There has also been a massive jump in the number of students living at home, reflecting spiralling rents and a lack of accommodation.

Most families are having to financially support their children in third-level education, with the cost of children going to college putting a huge strain on the finances of families.

The average contribution being made by parents with sons and daughters in third-level education is now €450 a month, new research from the Irish League of Credit Unions shows.

Key findings of the new survey include:

  • 59pc of parents get into debt to cover college costs.
  • The average debt being taken on by parents each year is €5,030 per child.
  • Some 62pc of students choose to live at home, compared with 44pc in 2013.
  • Students living away from home spend €1,033 a month, with those living at home spending €474 per month on average.

Parents say they save on average for eight years to fund the cost of college, but one in 10 parents will have to resort to using a moneylender.

The survey, which was conducted among 1,000 adults by market research firm iReach, found that 72pc of parents say they are really struggling to cover the cost of their child's third-level education.

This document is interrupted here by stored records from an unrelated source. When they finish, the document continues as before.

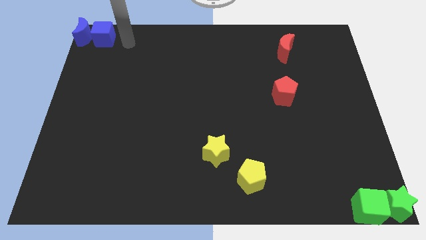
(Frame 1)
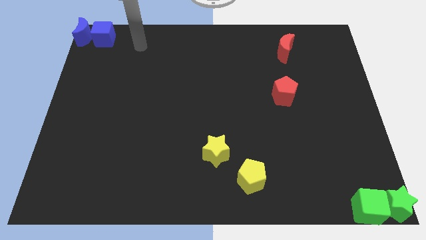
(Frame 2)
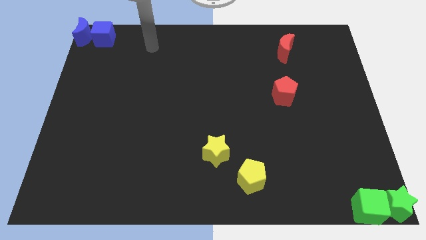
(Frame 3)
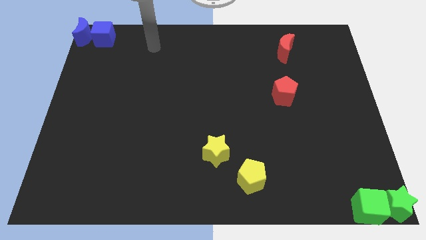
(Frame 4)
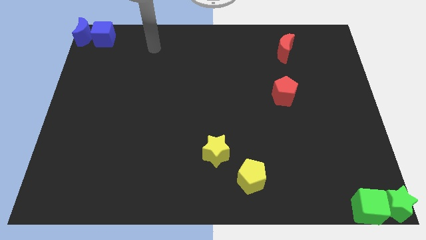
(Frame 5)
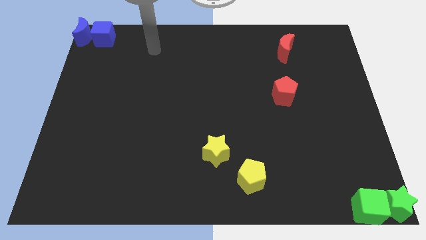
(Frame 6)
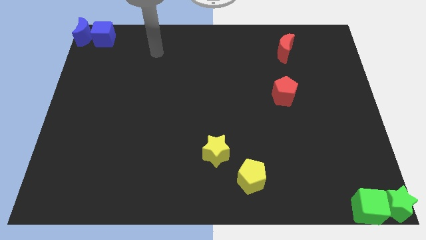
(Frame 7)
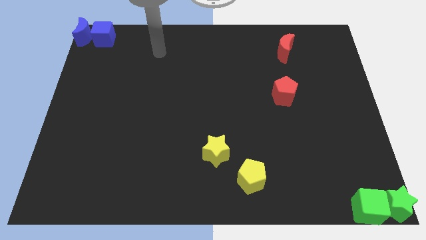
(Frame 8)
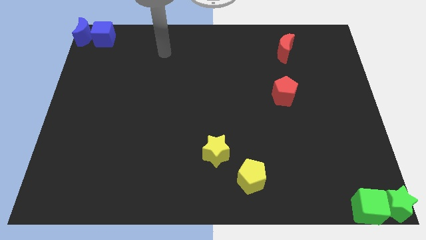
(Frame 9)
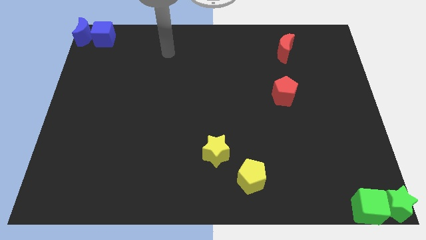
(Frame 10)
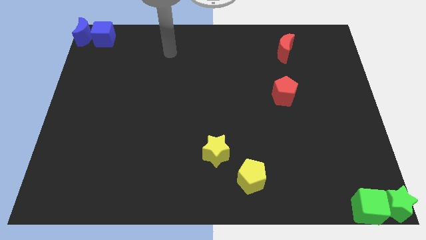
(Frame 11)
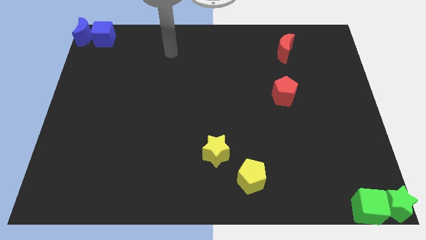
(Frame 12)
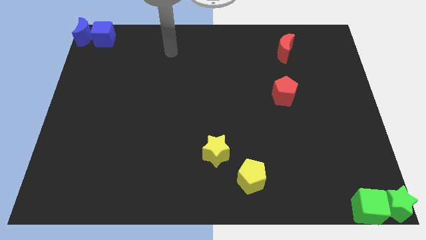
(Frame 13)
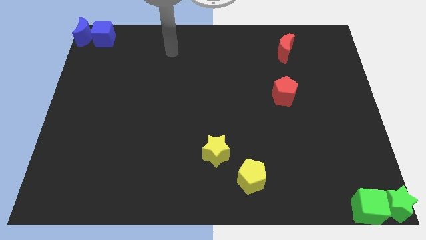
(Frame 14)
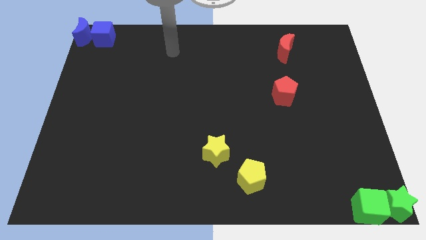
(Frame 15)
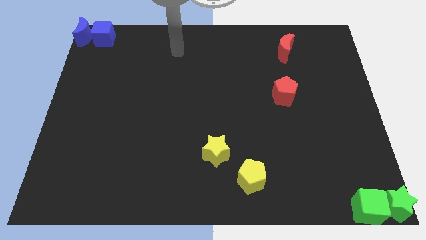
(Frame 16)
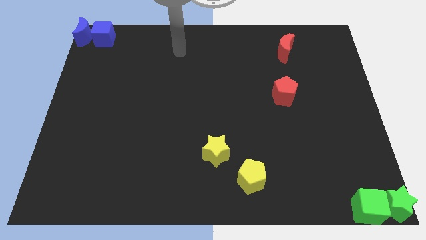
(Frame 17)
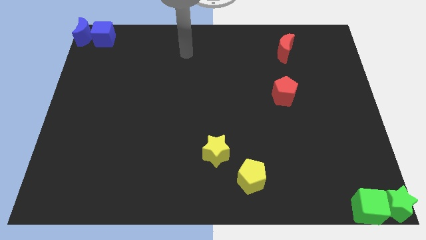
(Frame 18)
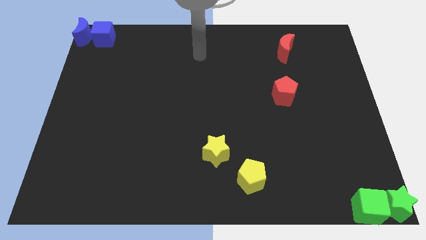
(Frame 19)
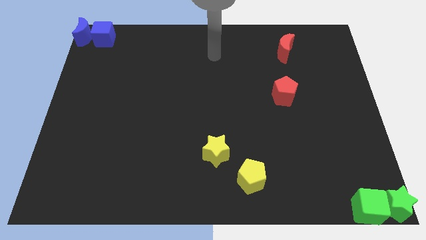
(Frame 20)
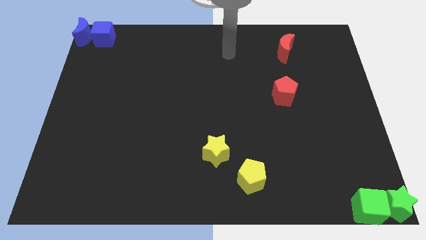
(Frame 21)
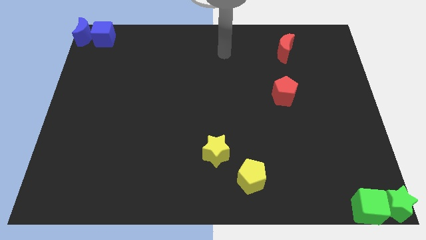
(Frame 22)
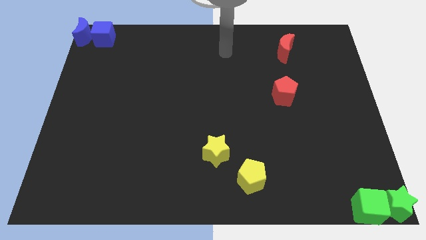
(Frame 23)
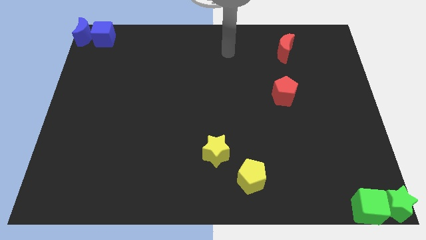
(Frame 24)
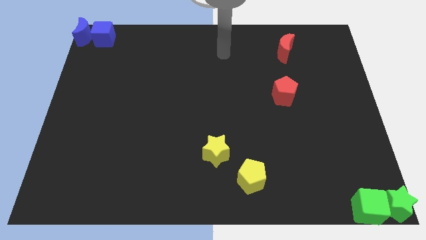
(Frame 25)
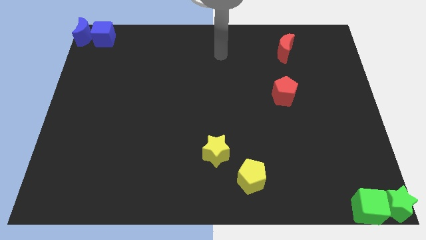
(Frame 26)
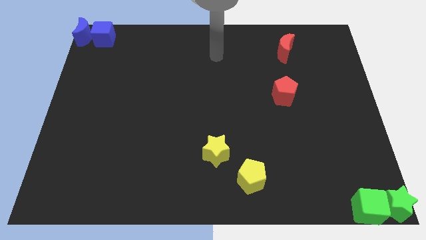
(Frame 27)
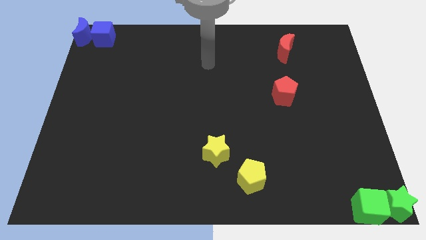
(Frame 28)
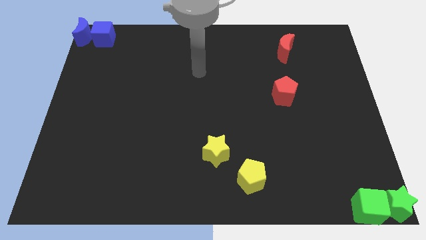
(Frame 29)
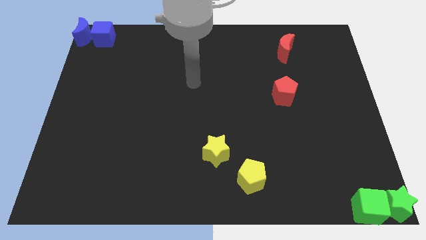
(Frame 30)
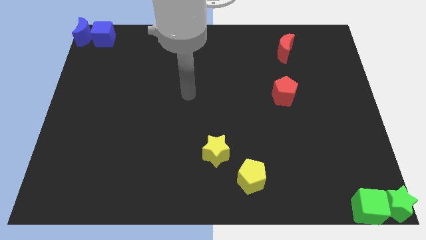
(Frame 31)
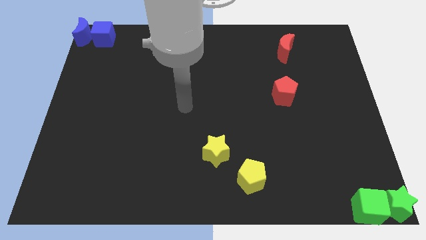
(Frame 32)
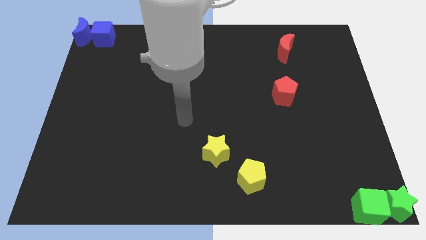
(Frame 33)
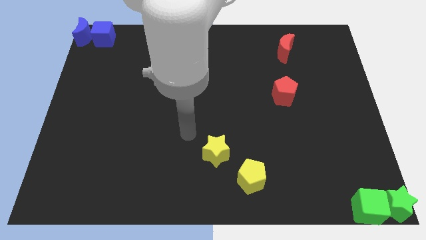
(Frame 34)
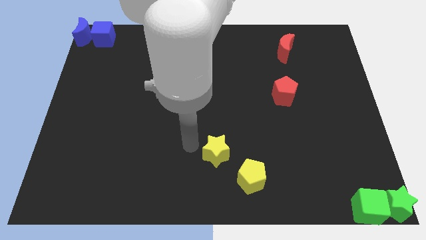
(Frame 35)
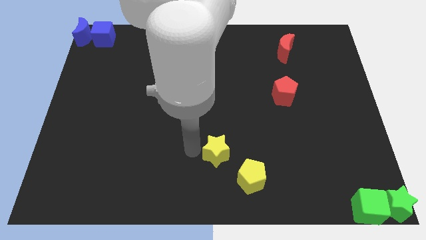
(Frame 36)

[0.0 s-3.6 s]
point your arm at the left of the yellow star

This is despite the fact that the majority of students work throughout the academic year to help fund the cost of college. And close to half get some form of grant.

The cost of books, rents, the registration fee, and day-to-day expenses means the average family is taking on high levels of debt.

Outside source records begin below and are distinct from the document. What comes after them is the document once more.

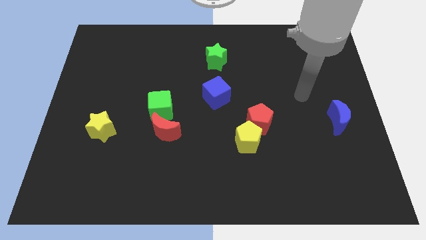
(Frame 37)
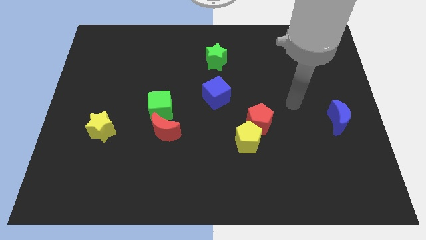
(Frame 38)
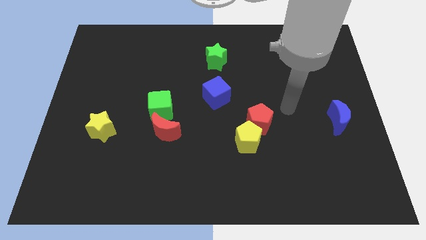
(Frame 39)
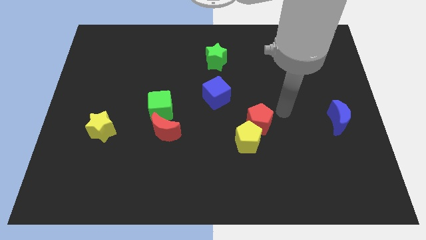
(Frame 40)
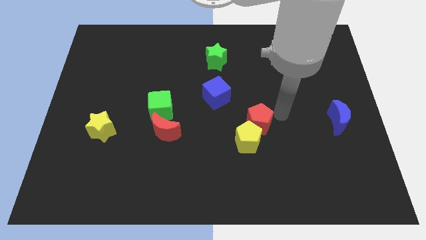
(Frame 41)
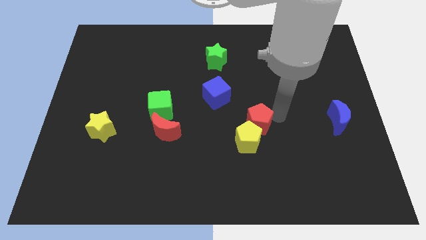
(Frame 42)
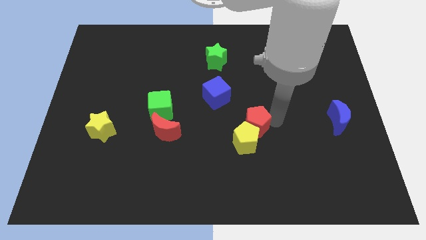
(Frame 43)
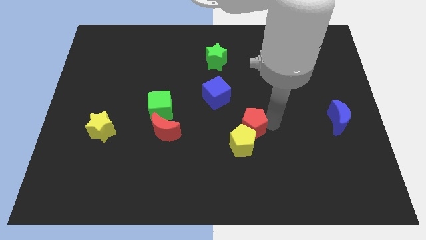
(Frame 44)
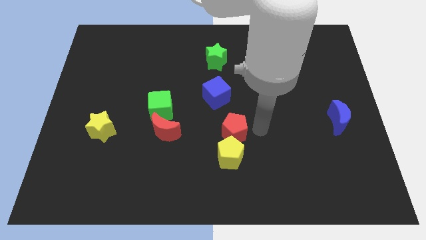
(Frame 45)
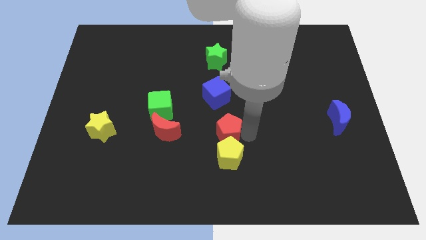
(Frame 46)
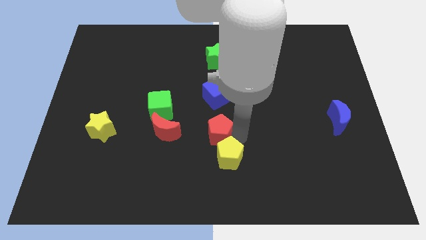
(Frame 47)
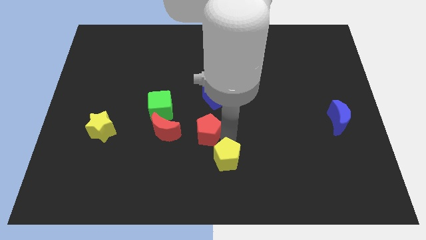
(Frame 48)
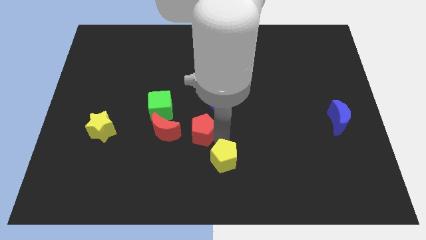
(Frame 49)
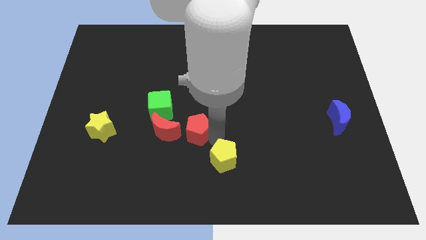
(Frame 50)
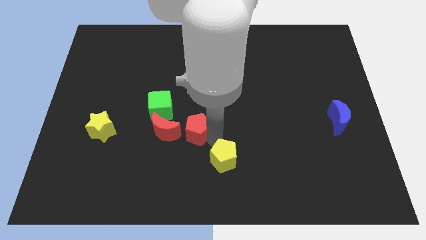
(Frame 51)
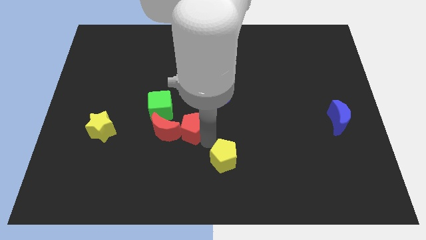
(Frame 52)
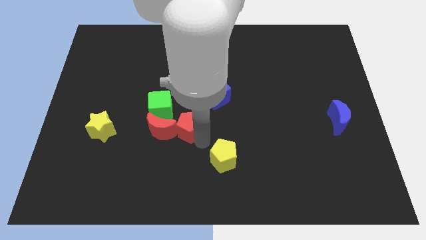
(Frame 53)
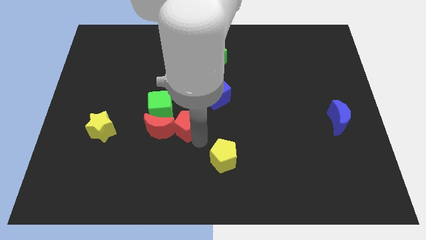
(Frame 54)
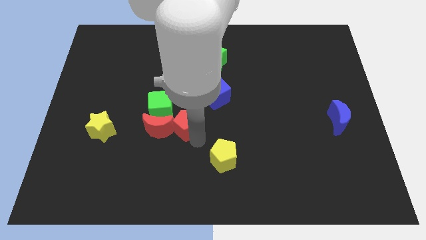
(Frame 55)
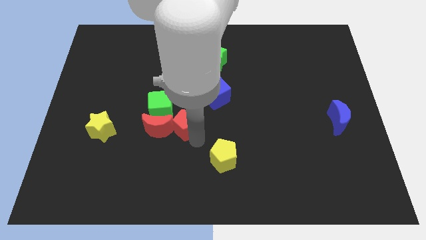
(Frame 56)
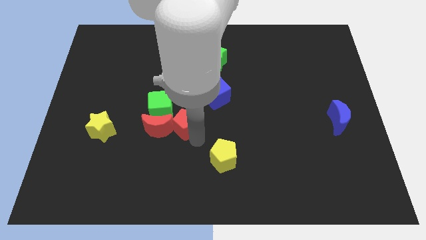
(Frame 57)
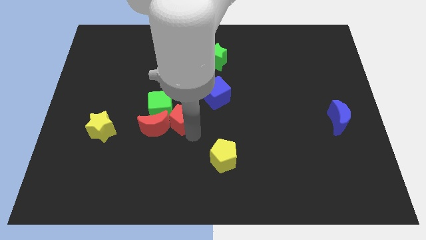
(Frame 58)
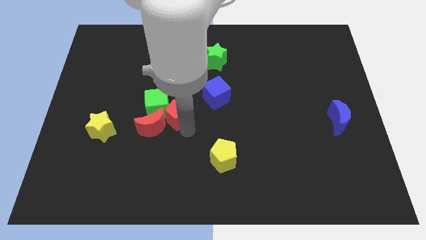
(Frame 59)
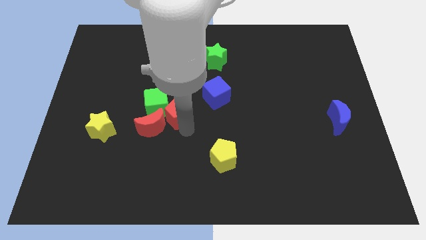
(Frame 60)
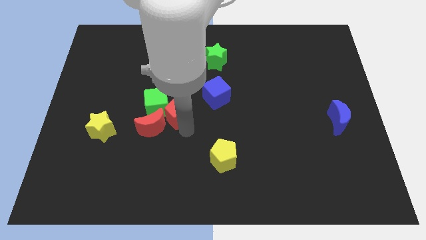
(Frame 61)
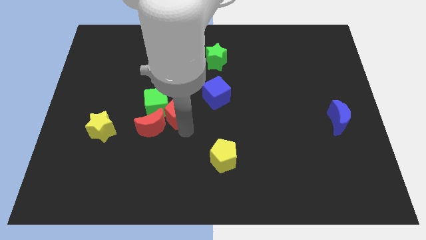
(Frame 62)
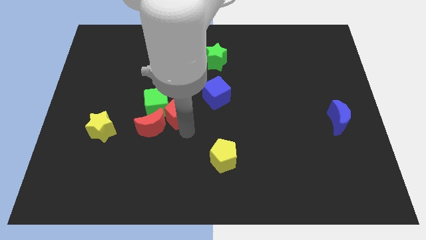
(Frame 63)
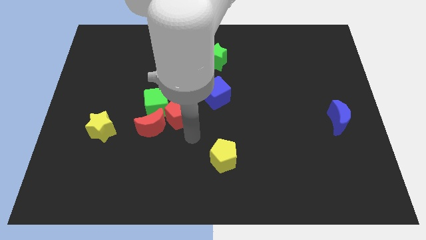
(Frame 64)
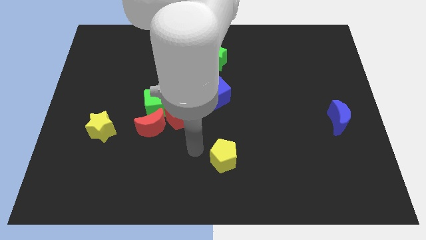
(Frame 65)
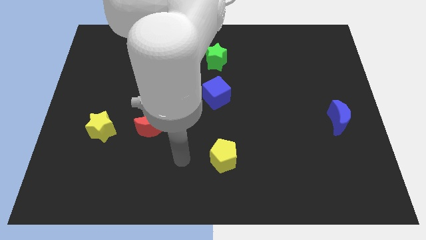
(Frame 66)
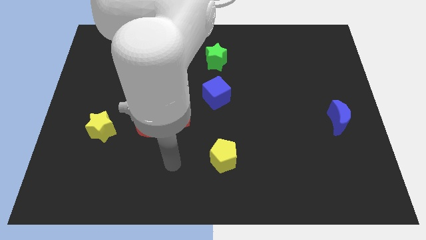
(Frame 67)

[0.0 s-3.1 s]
group up the red blocks and green cube at the left side of the blue cube

One of the biggest outlays is on the cost of the registration fee, which is set to hit €3,000 this year. Most family budgets are adversely impacted by the cost of the registration fee.

And there has been a sharp rise this year in the number of students living at home in a bid to save money, according to the survey. In what appears to reflect confidence in the economy, eight out of 10 students feel they will be able to find a job in Ireland when they complete college.

Emigrate

And there has been a sharp fall in the numbers who feel they will have to emigrate.

Interest in a subject continues to be the primary reason why students choose their college course, followed by job prospects. Location of course is another major factor when students opt for a course.

Monthly income and savings continue to be the most popular ways in which parents fund their child's third-level education.

Credit union loans are the next most popular method, followed by a bank.

Chief executive of the Irish League of Credit Unions Ed Farrell said the cost of college and university puts pressure on both parents and students.

"The increased registration fees combined with monthly rent and bills, books and materials and day-to-day expenses are a significant financial burden to many families."

He said it was worrying that 10pc of parents will consider a moneylender to help cover the costs of their child or children's college education.

He urged parents to talk to their credit union first. They were available to support both parents and students, he said.